── ENTRIES SUPPLIED

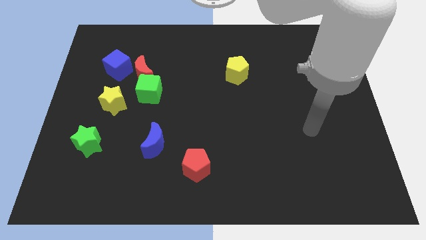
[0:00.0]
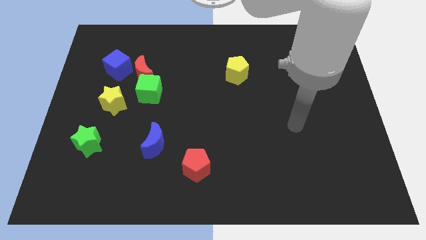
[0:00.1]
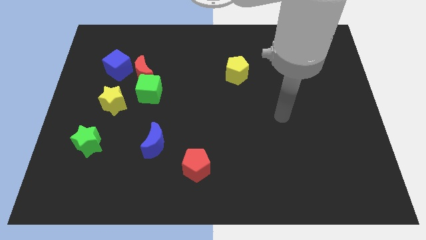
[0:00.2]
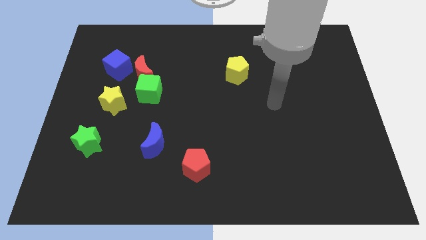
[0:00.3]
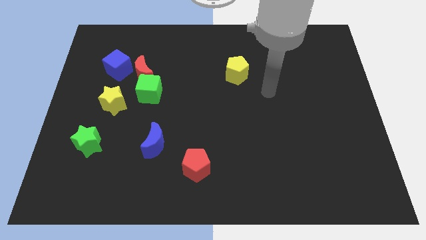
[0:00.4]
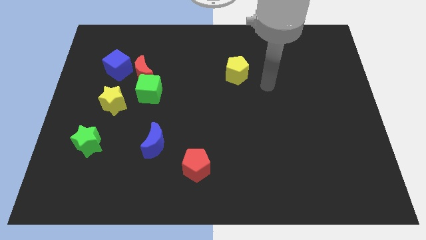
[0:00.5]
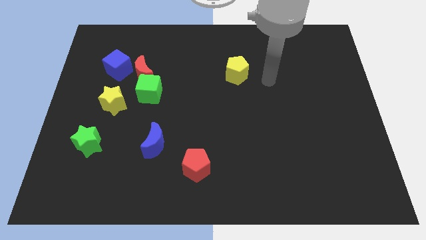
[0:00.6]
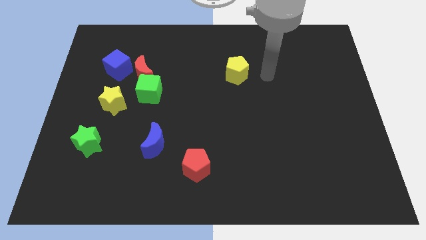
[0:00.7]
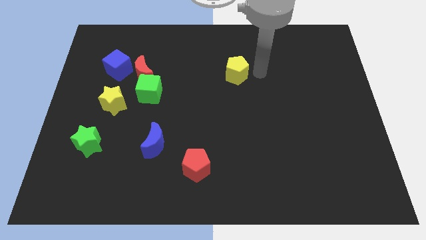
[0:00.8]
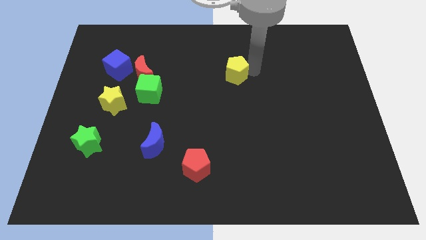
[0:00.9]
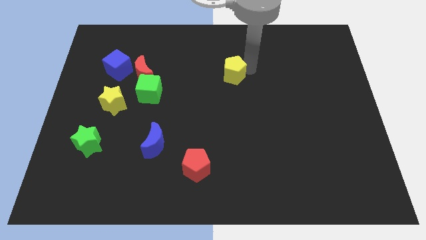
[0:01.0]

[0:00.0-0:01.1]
slightly push the yellow pentagon on the board
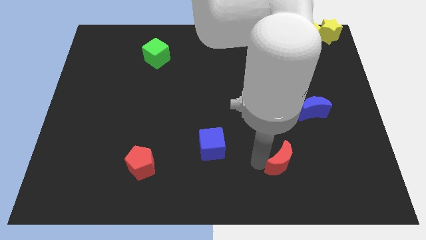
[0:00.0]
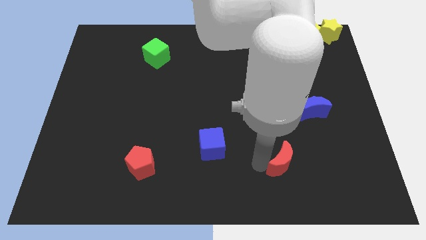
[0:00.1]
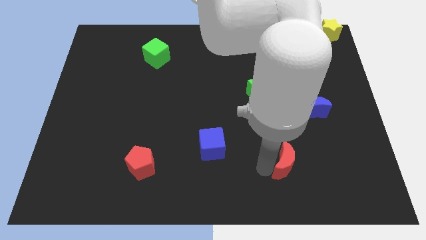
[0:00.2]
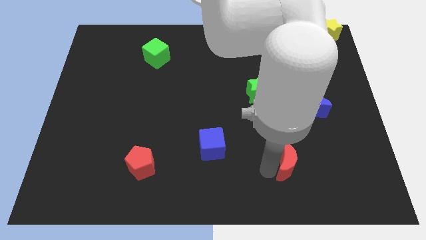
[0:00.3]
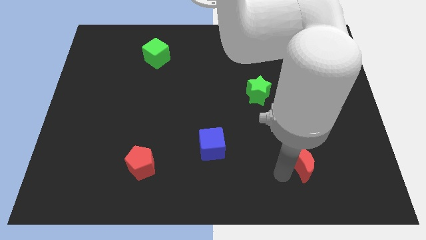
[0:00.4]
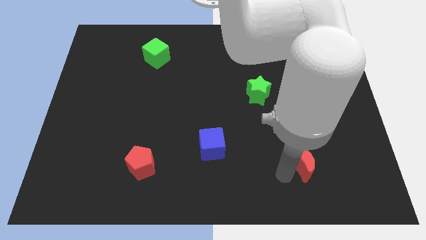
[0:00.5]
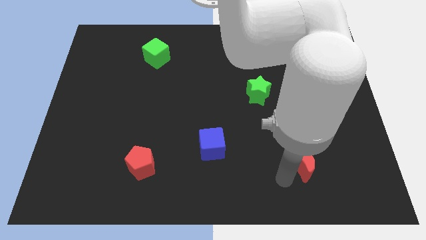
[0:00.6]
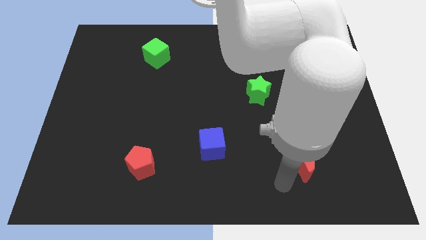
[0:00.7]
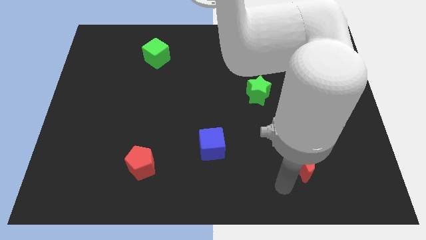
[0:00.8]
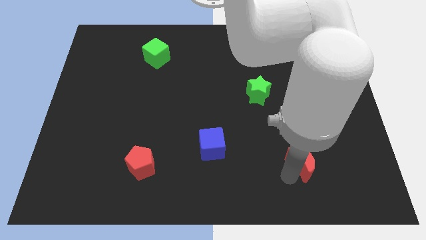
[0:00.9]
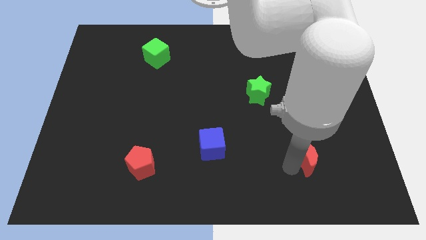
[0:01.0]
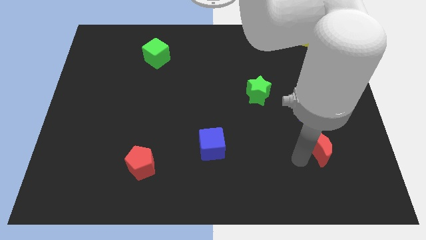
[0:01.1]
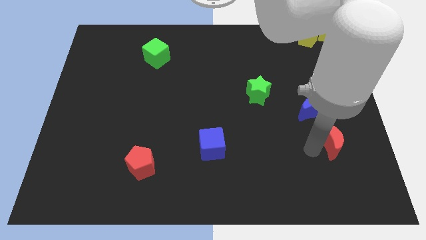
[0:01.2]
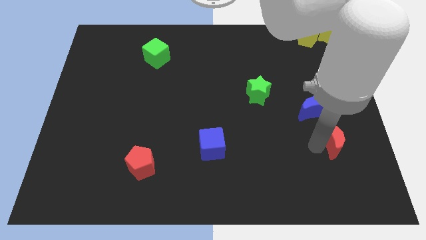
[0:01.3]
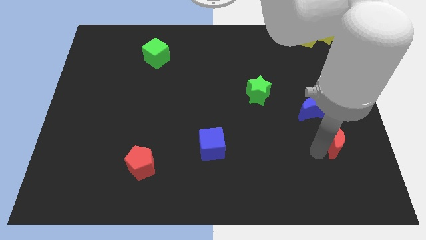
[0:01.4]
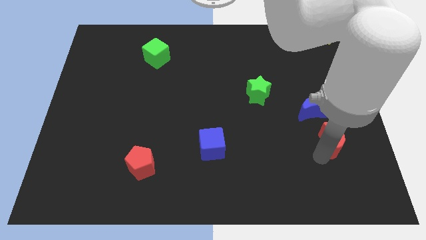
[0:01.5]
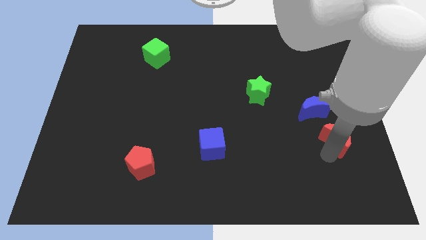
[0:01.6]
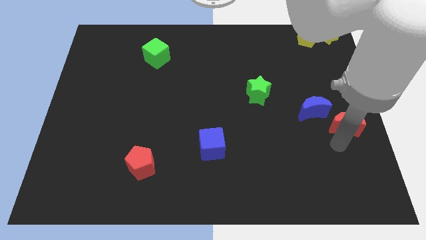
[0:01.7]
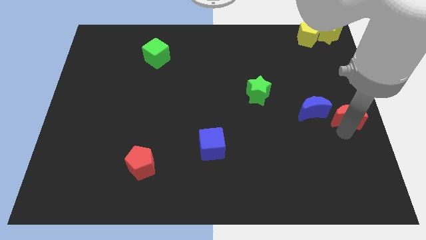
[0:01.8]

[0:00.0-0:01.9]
move the red crescent towards the blue crescent

────

■ WHAT YOU ARE ASKED TO DO:
The entries above need to be repeated in full, word for word. Skip the images.

■ TASK RESULT:
[0:00.0]
[0:00.1]
[0:00.2]
[0:00.3]
[0:00.4]
[0:00.5]
[0:00.6]
[0:00.7]
[0:00.8]
[0:00.9]
[0:01.0]

[0:00.0-0:01.1]
slightly push the yellow pentagon on the board
[0:00.0]
[0:00.1]
[0:00.2]
[0:00.3]
[0:00.4]
[0:00.5]
[0:00.6]
[0:00.7]
[0:00.8]
[0:00.9]
[0:01.0]
[0:01.1]
[0:01.2]
[0:01.3]
[0:01.4]
[0:01.5]
[0:01.6]
[0:01.7]
[0:01.8]

[0:00.0-0:01.9]
move the red crescent towards the blue crescent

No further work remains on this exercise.